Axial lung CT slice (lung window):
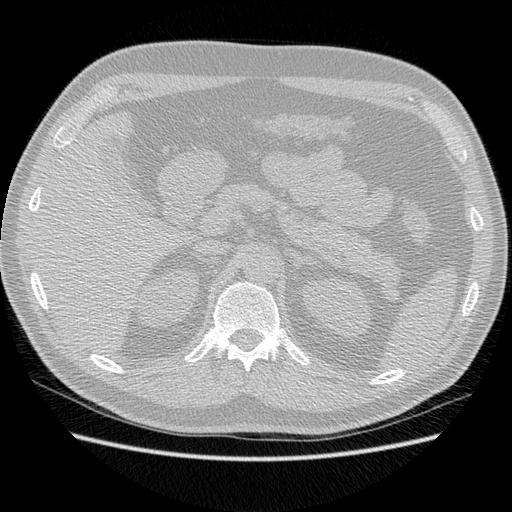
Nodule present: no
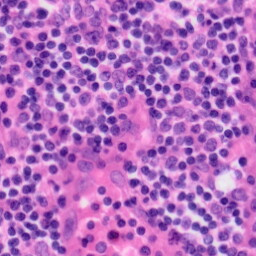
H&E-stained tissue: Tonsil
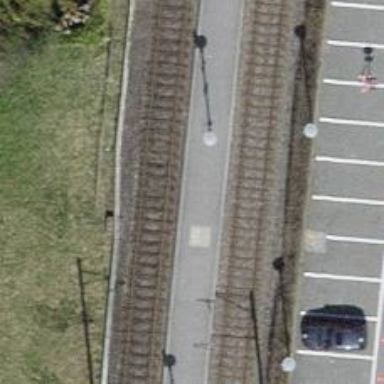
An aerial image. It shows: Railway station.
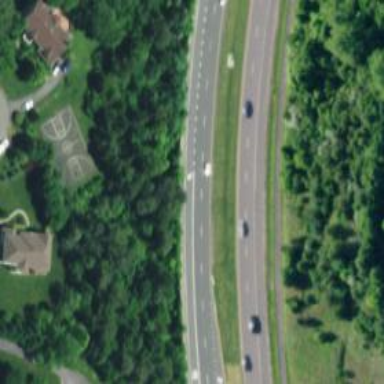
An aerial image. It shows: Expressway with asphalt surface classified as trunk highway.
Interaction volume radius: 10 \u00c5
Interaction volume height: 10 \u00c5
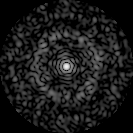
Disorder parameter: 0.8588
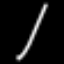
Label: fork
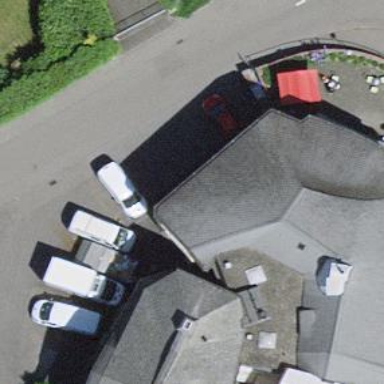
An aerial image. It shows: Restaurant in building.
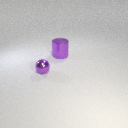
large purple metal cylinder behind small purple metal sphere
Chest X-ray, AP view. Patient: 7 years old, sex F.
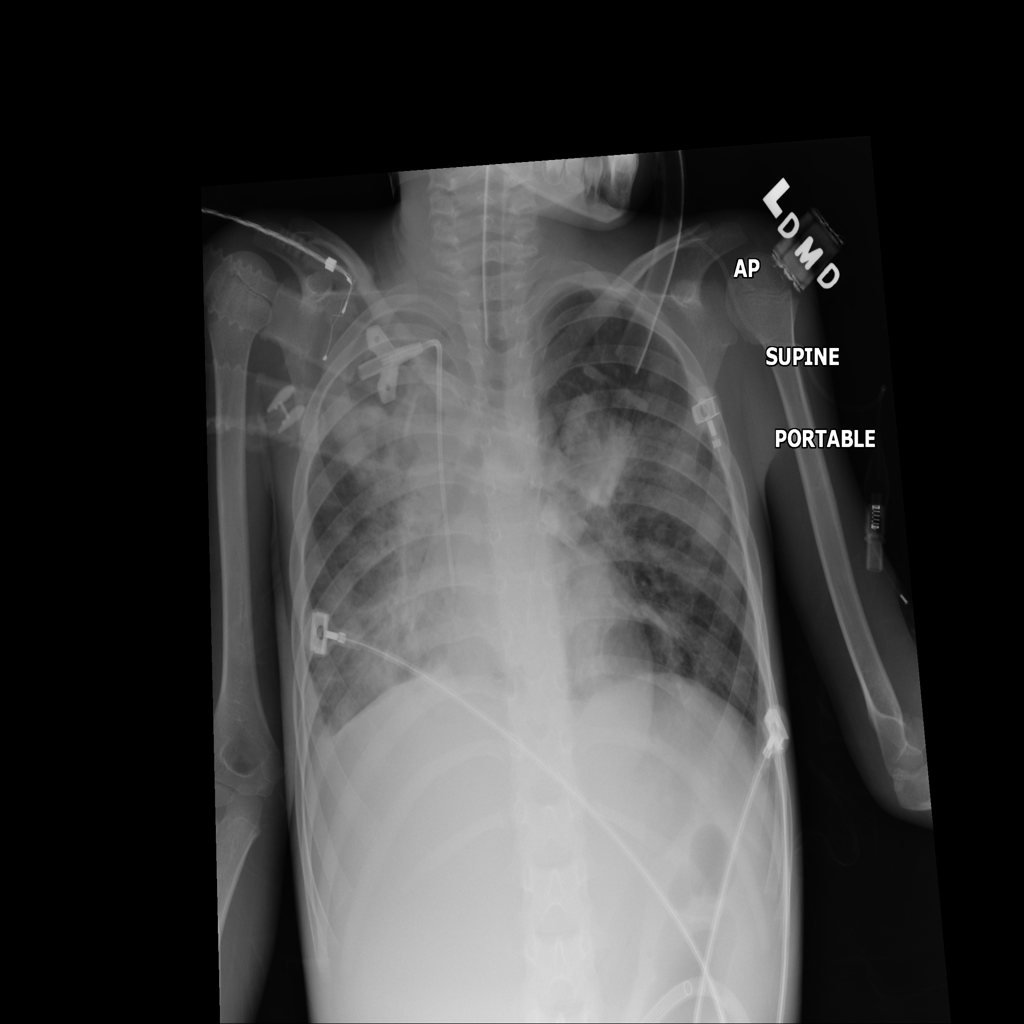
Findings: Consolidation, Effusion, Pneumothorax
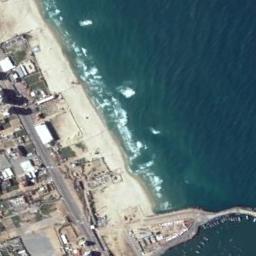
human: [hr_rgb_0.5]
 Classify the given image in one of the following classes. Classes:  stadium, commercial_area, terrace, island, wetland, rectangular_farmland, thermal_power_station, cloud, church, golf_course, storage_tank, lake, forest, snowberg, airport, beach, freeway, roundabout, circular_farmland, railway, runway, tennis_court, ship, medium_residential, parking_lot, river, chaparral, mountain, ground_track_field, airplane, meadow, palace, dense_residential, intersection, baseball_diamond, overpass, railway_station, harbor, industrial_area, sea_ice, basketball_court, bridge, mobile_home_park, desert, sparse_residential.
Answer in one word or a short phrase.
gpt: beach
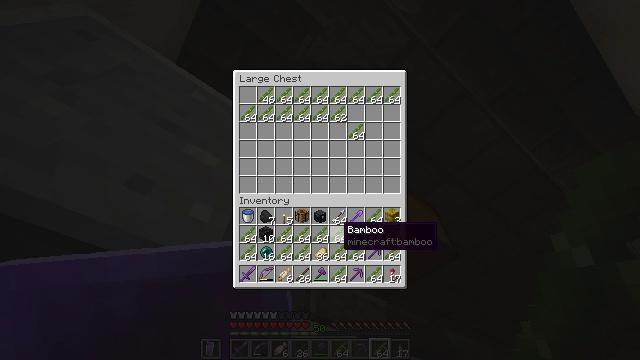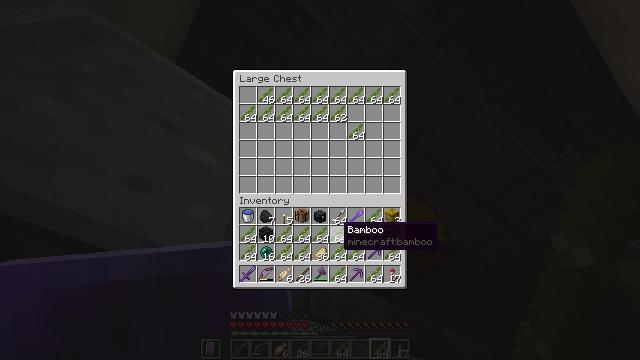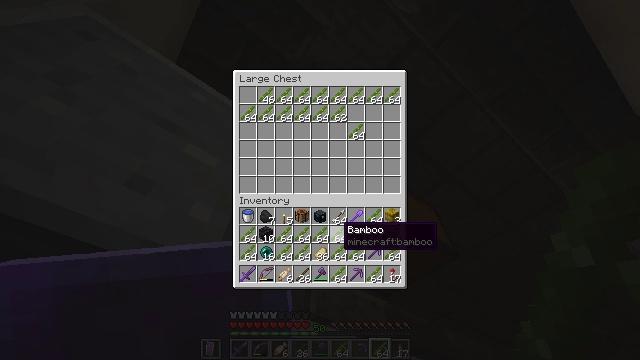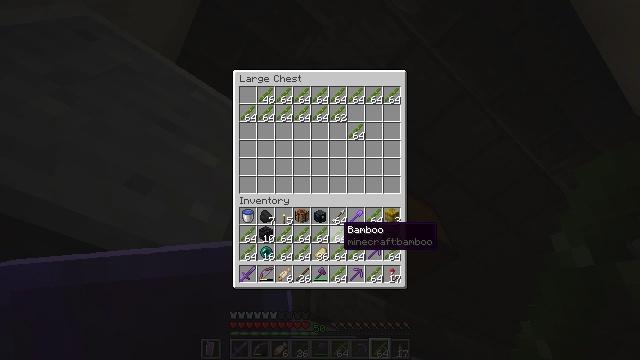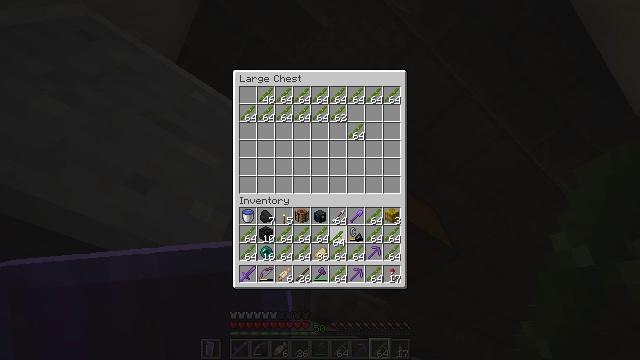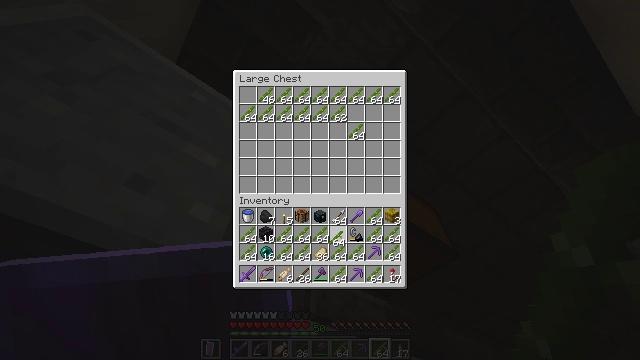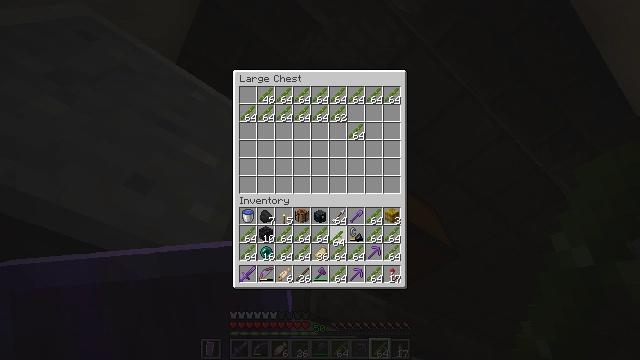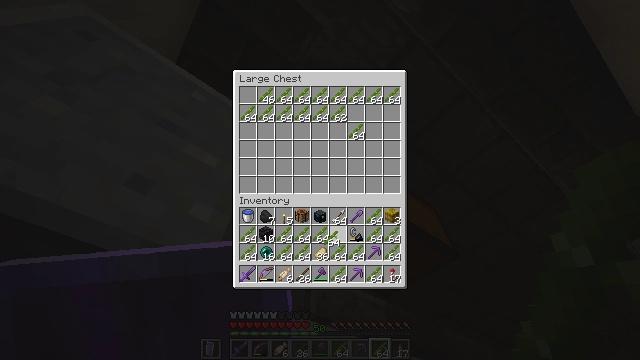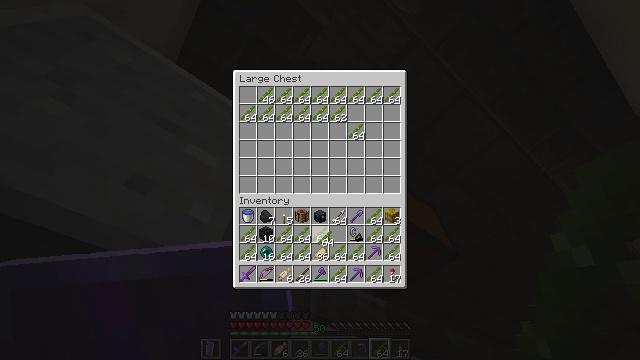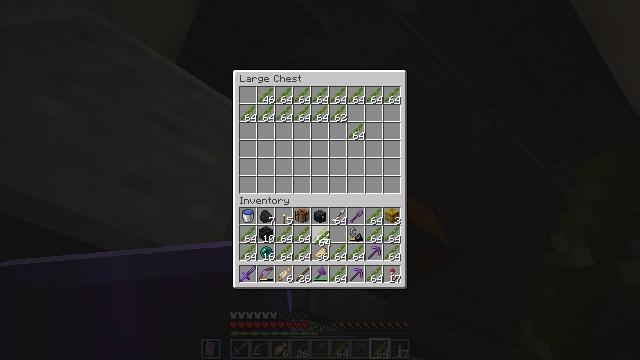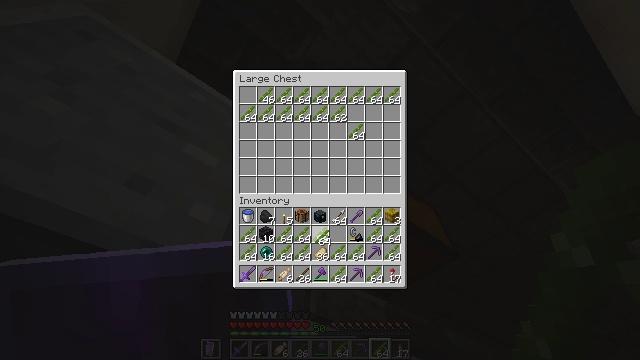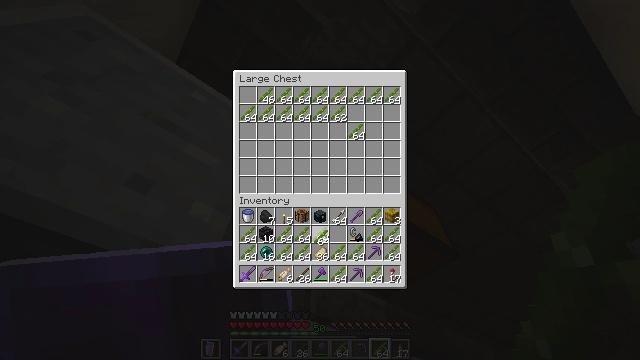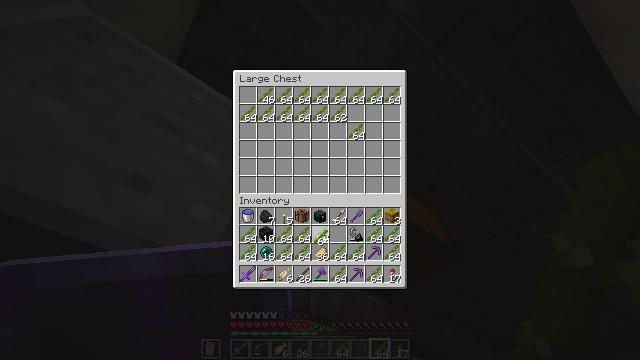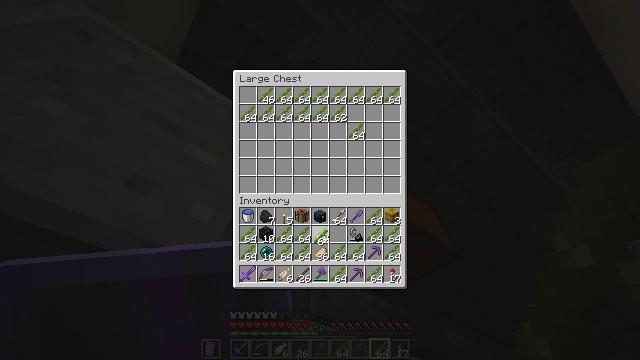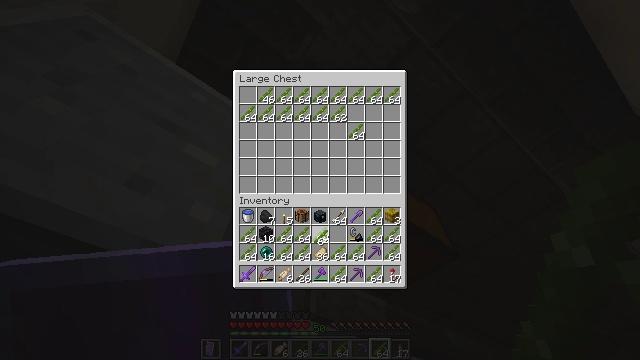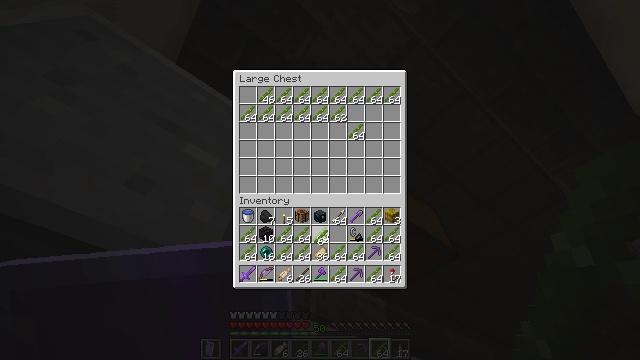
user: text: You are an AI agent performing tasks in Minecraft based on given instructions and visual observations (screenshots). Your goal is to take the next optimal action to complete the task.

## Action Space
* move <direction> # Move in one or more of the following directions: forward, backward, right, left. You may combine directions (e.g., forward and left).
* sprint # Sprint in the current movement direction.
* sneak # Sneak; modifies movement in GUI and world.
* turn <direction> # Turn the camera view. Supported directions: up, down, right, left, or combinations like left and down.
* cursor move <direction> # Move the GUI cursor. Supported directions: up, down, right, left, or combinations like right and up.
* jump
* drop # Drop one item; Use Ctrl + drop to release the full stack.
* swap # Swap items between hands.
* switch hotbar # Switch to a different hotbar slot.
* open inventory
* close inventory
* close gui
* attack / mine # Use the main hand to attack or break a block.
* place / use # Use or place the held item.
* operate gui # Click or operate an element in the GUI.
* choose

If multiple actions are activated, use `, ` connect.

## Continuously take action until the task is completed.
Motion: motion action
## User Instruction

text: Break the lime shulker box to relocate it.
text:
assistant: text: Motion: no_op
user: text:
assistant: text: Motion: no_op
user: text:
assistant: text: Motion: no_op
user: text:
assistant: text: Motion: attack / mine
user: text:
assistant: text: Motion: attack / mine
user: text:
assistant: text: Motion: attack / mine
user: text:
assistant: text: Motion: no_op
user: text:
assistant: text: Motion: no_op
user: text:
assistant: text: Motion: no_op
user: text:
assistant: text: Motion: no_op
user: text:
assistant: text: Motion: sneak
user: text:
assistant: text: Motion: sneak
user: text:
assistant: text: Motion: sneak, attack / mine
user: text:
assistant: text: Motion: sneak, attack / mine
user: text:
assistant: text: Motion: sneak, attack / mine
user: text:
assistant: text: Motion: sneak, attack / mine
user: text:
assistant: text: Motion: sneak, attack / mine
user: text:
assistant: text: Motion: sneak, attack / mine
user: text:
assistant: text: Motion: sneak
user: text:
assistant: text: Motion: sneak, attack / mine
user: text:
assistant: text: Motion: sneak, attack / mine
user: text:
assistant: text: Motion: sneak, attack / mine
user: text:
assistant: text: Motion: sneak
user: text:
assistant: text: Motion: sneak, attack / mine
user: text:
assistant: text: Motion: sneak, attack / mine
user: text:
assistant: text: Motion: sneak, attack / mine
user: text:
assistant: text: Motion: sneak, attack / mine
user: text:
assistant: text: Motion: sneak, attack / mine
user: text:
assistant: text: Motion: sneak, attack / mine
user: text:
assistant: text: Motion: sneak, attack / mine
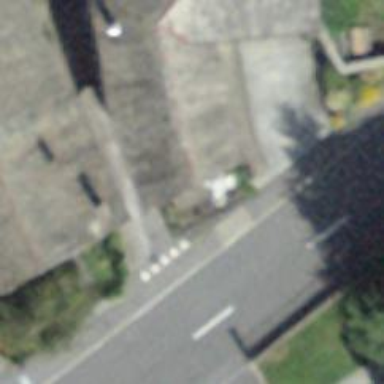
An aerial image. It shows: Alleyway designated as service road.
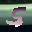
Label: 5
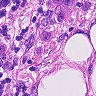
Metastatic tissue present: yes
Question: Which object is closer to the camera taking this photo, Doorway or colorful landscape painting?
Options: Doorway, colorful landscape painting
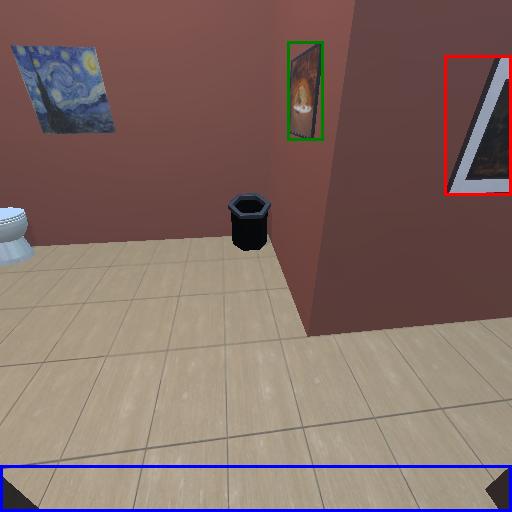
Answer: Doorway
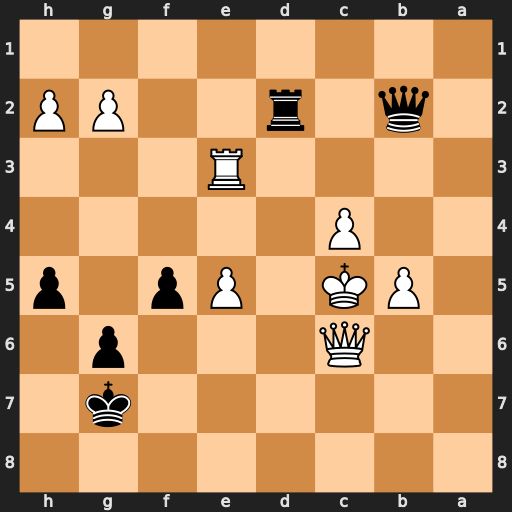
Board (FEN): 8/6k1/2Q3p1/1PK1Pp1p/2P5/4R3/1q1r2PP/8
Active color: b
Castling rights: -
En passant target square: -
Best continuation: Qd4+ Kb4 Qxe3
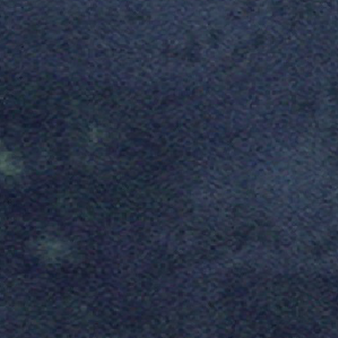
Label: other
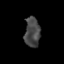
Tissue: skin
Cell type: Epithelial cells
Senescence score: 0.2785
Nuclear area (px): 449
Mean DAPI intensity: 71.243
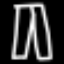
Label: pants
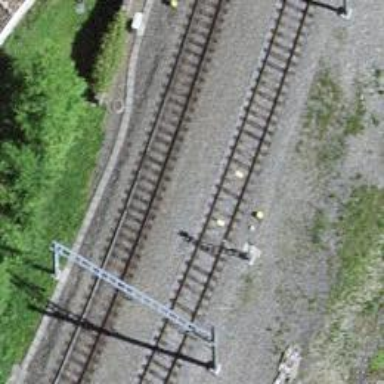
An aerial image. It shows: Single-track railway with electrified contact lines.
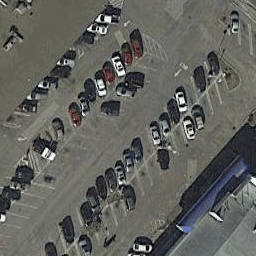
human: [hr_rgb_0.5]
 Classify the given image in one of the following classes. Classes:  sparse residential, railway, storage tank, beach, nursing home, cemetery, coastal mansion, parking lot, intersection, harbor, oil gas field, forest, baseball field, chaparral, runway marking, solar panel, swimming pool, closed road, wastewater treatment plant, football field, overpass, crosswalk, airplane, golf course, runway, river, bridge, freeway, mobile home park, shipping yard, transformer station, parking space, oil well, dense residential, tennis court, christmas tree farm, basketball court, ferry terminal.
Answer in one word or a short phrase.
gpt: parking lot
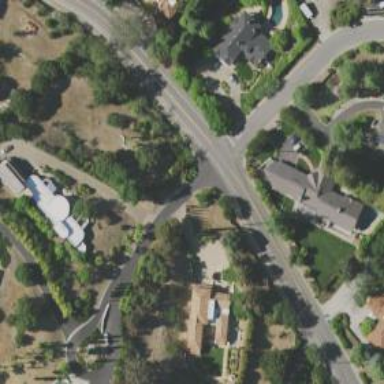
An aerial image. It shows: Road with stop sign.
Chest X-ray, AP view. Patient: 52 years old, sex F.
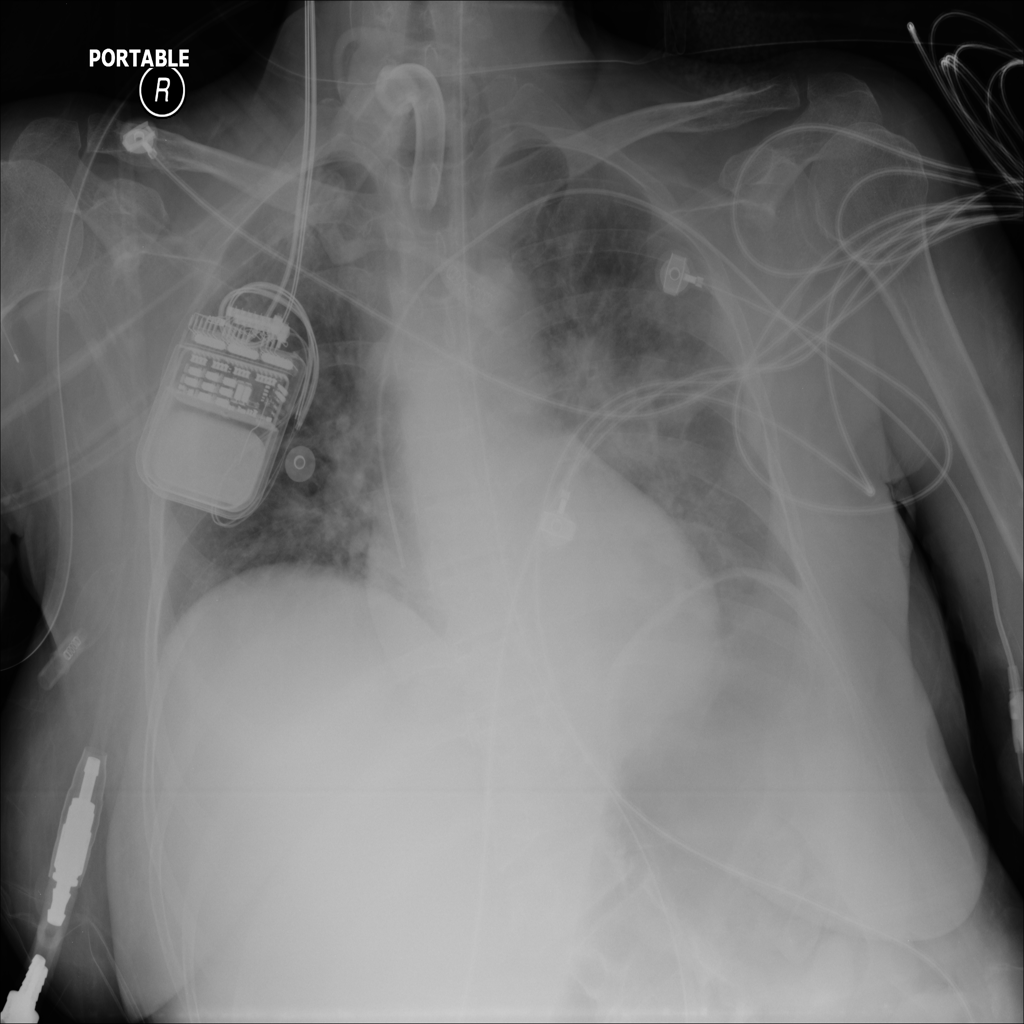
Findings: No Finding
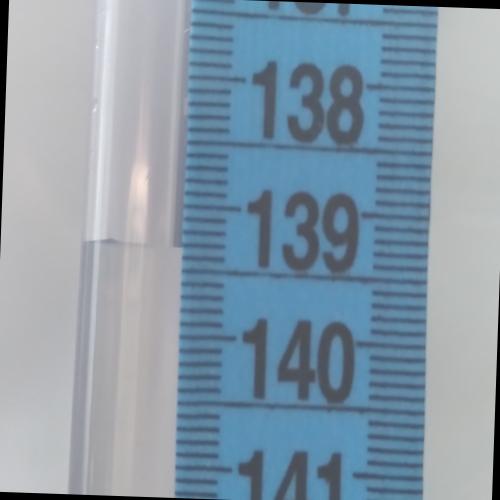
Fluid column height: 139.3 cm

####################

▶ **TASK DIRECTIONS**:
Whenever "camera" occurs in a line above, copy that line.

▶ **RESULT OF THIS TASK**:
* turn <direction> # Turn the camera view. Supported directions: up, down, right, left, or combinations like left and down.
Question: Which object is closer to the camera taking this photo, Doorway or colorful landscape painting?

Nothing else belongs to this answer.